Standard abbreviations
- ISO 4: J. Manag. Inq.

Indexing
- ISSN: 1056-4926 (print) 1552-6542 (web)
- LCCN: 92644038
- OCLC no.: 23725363

Links
- Journal homepage; Online access; Online archive;

= Journal of Management Inquiry =

The Journal of Management Inquiry is a quarterly peer-reviewed academic journal that publishes papers in the field of management with an emphasis on qualitative research, inductive reasoning and "non-traditional" research, and thought-provoking articles meant to generate academic conversations in their field. The journal's editors-in-chief are Richard W. Stackman (University of San Francisco) and Pablo Martin De Holan (HEC Paris). It was established in 1992 and is currently published by SAGE Publications. It is the official journal of the Western Academy of Management, an independent affiliate of the Academy of Management.

==Sections==
The journal has five regular sections:

"Generative Curiosity", which introduces ideas with the aim to encourage further scholarly interest, conversation, and collaboration;

"Non-traditional Research" which publishes alternative theoretical frameworks and views, methods, and data sources;

"Dialogues" which publishes academic conversations on current topics on Organization and Management Theory;

"Provocations & Provocateurs", offering insights through the use of alternative modes of expression whose common theme is to be outside the generally accepted boundaries of the field; and

"Six Degrees" is a section that explores the collaborations that have produced seminal contributions to management in a podcast format.

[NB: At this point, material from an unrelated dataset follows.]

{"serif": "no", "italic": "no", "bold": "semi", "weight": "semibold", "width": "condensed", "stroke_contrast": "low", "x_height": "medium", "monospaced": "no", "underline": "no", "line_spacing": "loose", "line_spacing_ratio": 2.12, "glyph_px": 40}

==Abstracting and indexing==
The journal is abstracted and indexed in Current Contents/Social & Behavioral Sciences, EBSCO databases, Scopus, and the Social Sciences Citation Index. According to the Journal Citation Reports, its 2022 impact factor is 3.1, and it is ranked 162nd out of 227 management journals. It is listed as an A journal in the Australian Business Deans Council ABDC journal quality list.